**What is required**: Write out the records that appear below, verbatim and complete, but without pictures.

[[ Dataset extract, beginning ]]

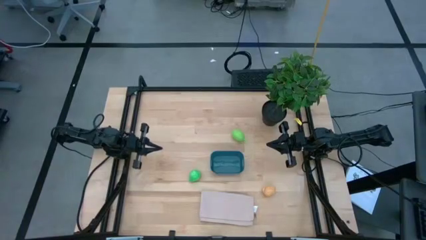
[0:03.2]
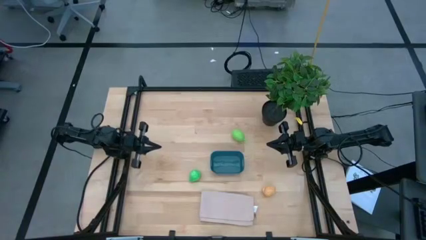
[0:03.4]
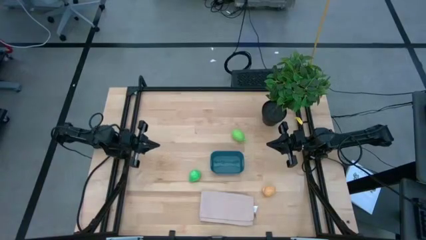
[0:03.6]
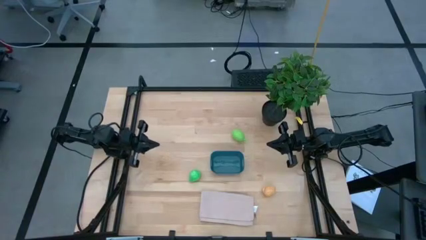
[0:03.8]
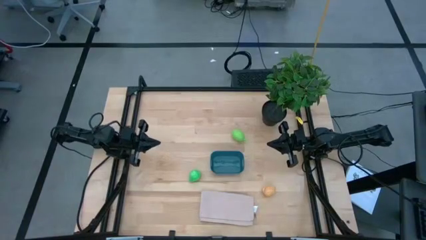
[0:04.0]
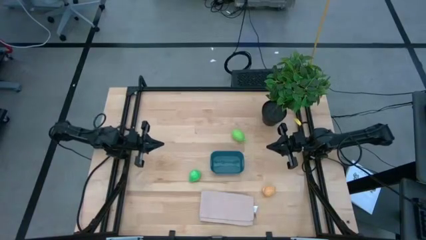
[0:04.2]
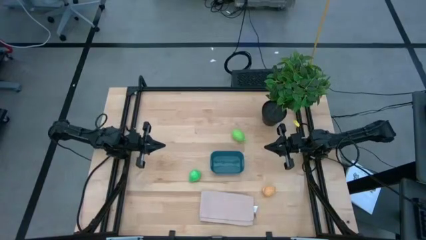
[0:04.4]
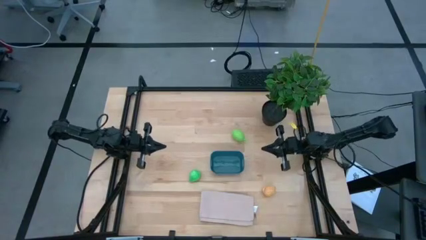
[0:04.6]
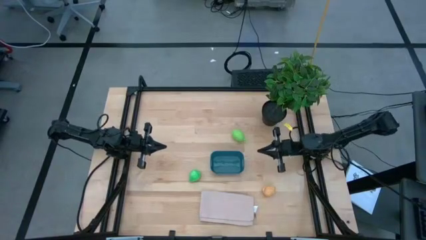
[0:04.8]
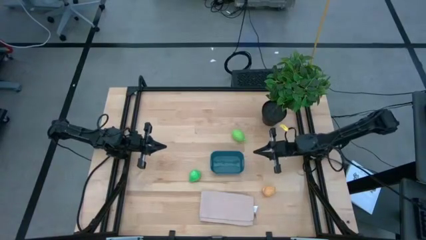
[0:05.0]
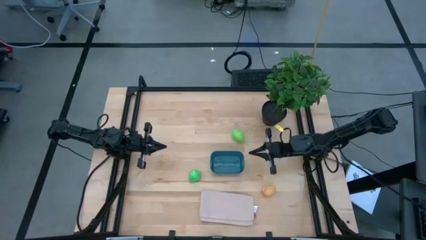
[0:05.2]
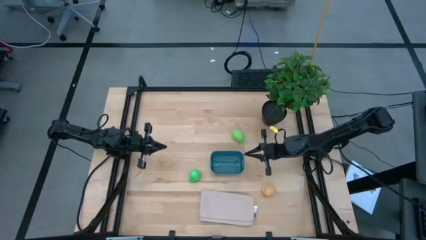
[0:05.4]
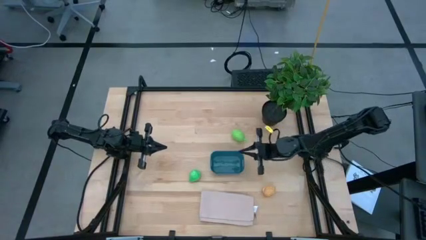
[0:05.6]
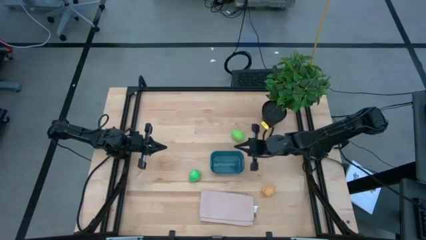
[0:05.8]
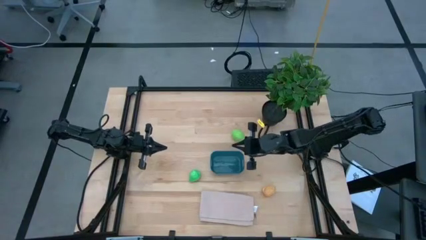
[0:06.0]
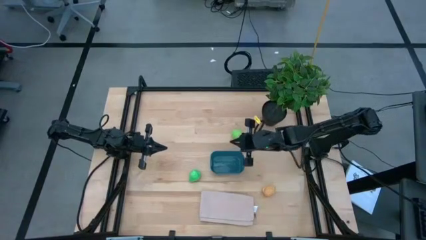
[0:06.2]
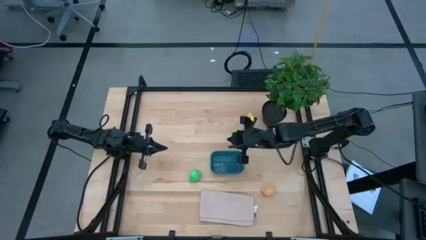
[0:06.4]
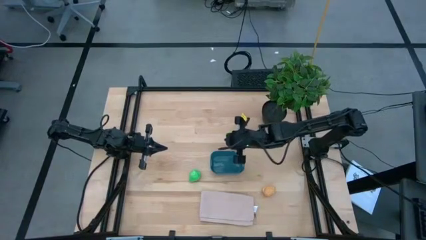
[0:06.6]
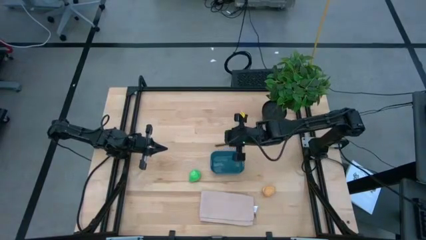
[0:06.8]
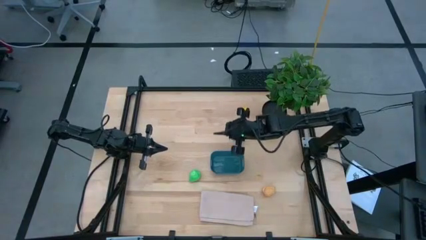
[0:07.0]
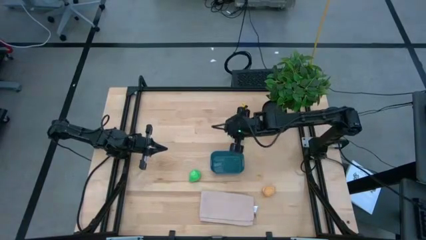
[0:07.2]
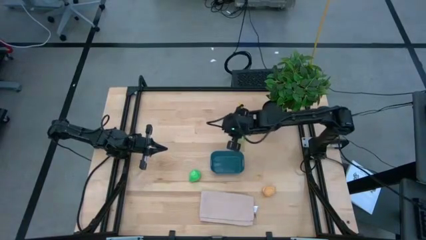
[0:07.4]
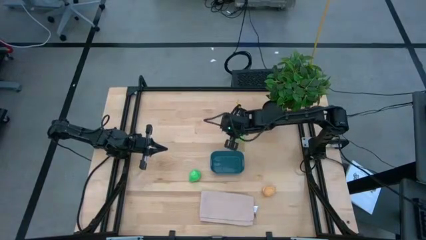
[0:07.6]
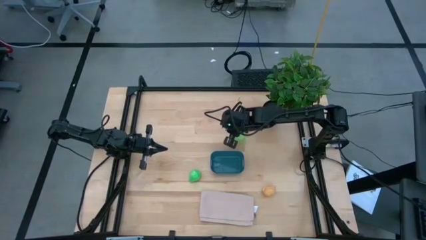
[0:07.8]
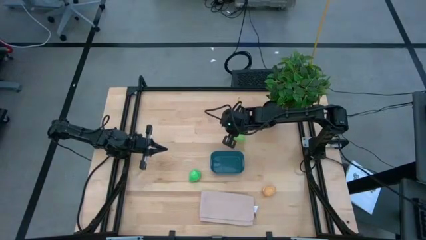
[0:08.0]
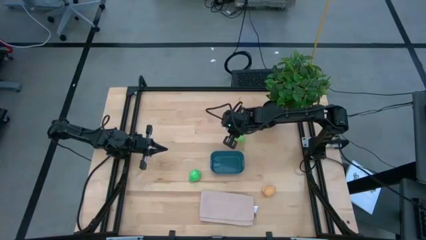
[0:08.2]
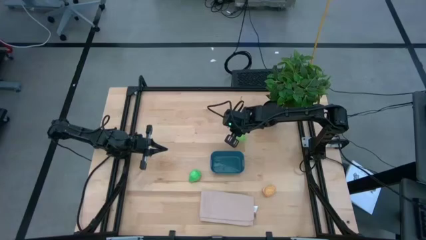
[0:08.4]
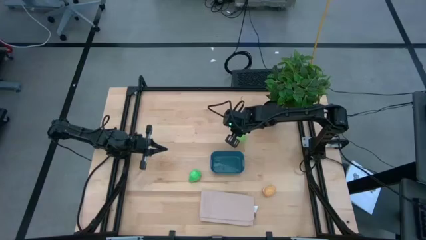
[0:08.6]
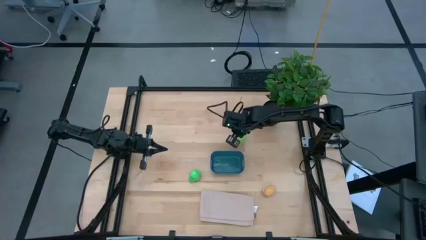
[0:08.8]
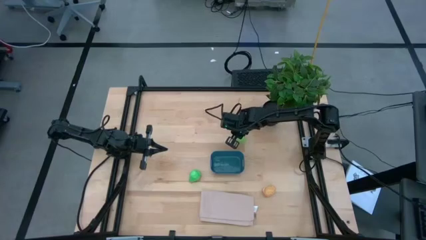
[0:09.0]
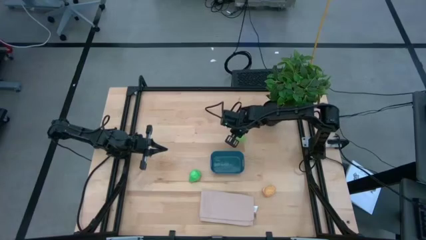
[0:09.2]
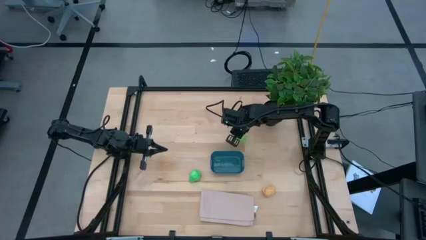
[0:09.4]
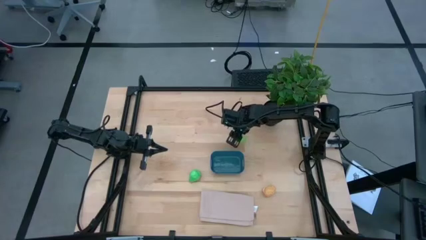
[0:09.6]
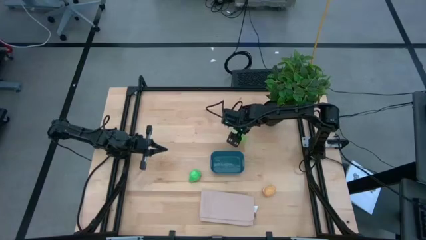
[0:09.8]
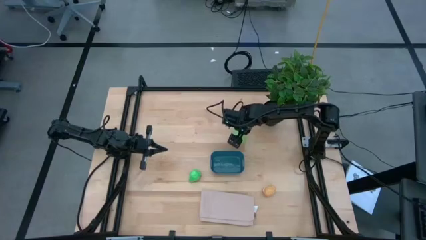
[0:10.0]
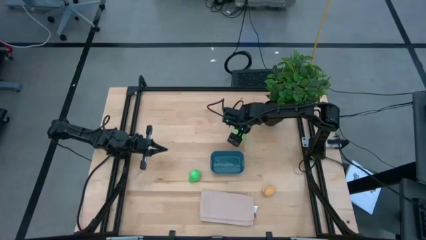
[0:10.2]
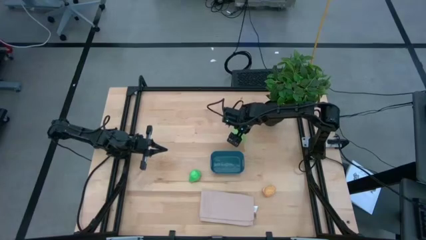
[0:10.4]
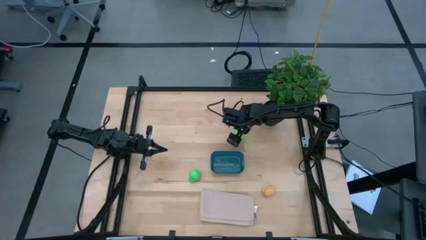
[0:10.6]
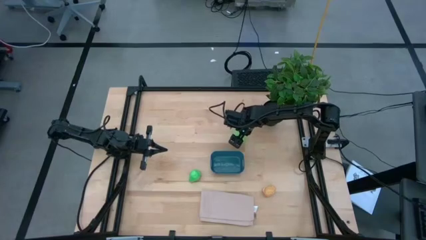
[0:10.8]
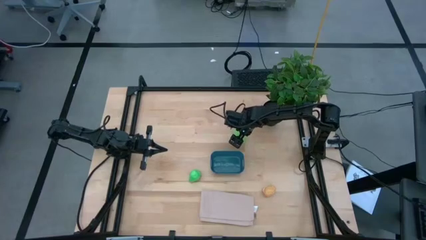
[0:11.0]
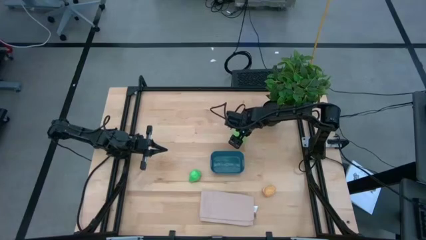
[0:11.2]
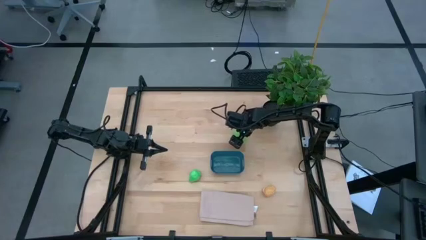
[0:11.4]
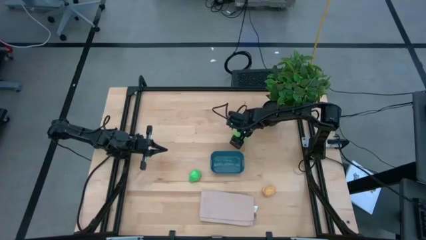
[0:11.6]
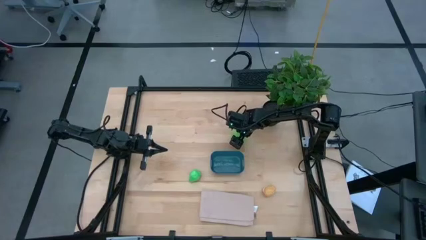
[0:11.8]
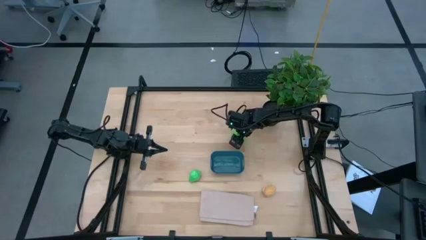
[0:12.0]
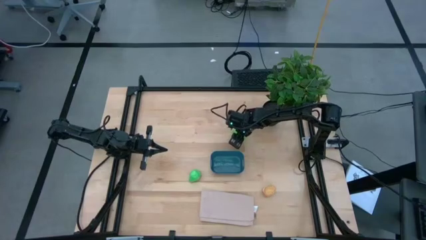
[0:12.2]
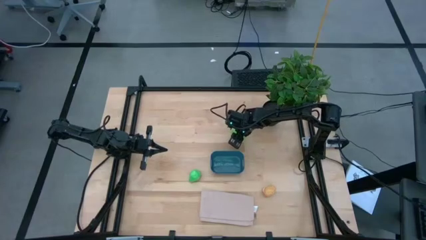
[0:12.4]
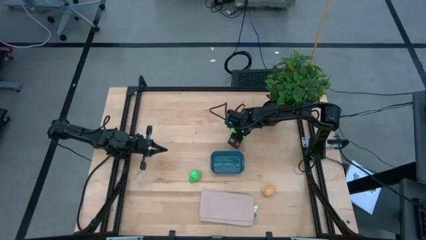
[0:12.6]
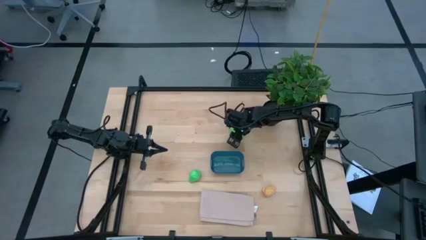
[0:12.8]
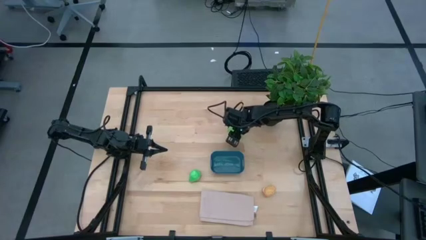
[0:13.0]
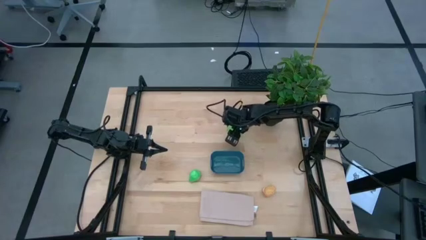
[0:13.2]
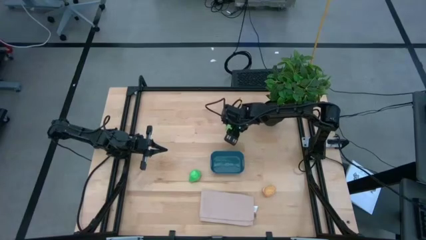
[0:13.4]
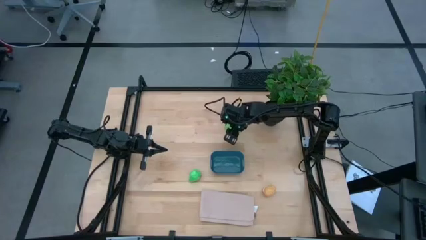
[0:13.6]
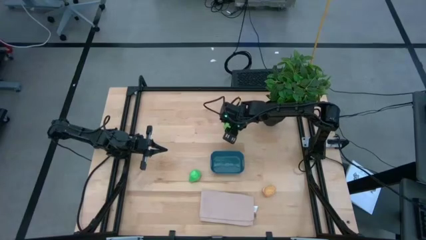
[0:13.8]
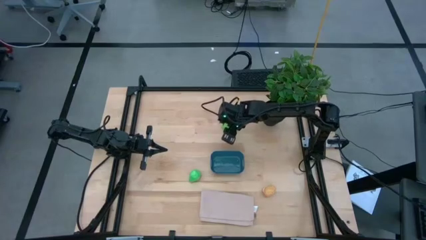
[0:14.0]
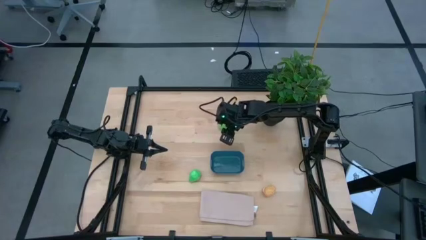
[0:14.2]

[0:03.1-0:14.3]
Task: Pick and placing Produce into tupperware
Put the green cabbage into the blue bin

[[ Dataset extract, end ]]

**Task answer**:
[0:03.2]
[0:03.4]
[0:03.6]
[0:03.8]
[0:04.0]
[0:04.2]
[0:04.4]
[0:04.6]
[0:04.8]
[0:05.0]
[0:05.2]
[0:05.4]
[0:05.6]
[0:05.8]
[0:06.0]
[0:06.2]
[0:06.4]
[0:06.6]
[0:06.8]
[0:07.0]
[0:07.2]
[0:07.4]
[0:07.6]
[0:07.8]
[0:08.0]
[0:08.2]
[0:08.4]
[0:08.6]
[0:08.8]
[0:09.0]
[0:09.2]
[0:09.4]
[0:09.6]
[0:09.8]
[0:10.0]
[0:10.2]
[0:10.4]
[0:10.6]
[0:10.8]
[0:11.0]
[0:11.2]
[0:11.4]
[0:11.6]
[0:11.8]
[0:12.0]
[0:12.2]
[0:12.4]
[0:12.6]
[0:12.8]
[0:13.0]
[0:13.2]
[0:13.4]
[0:13.6]
[0:13.8]
[0:14.0]
[0:14.2]

[0:03.1-0:14.3]
Task: Pick and placing Produce into tupperware
Put the green cabbage into the blue bin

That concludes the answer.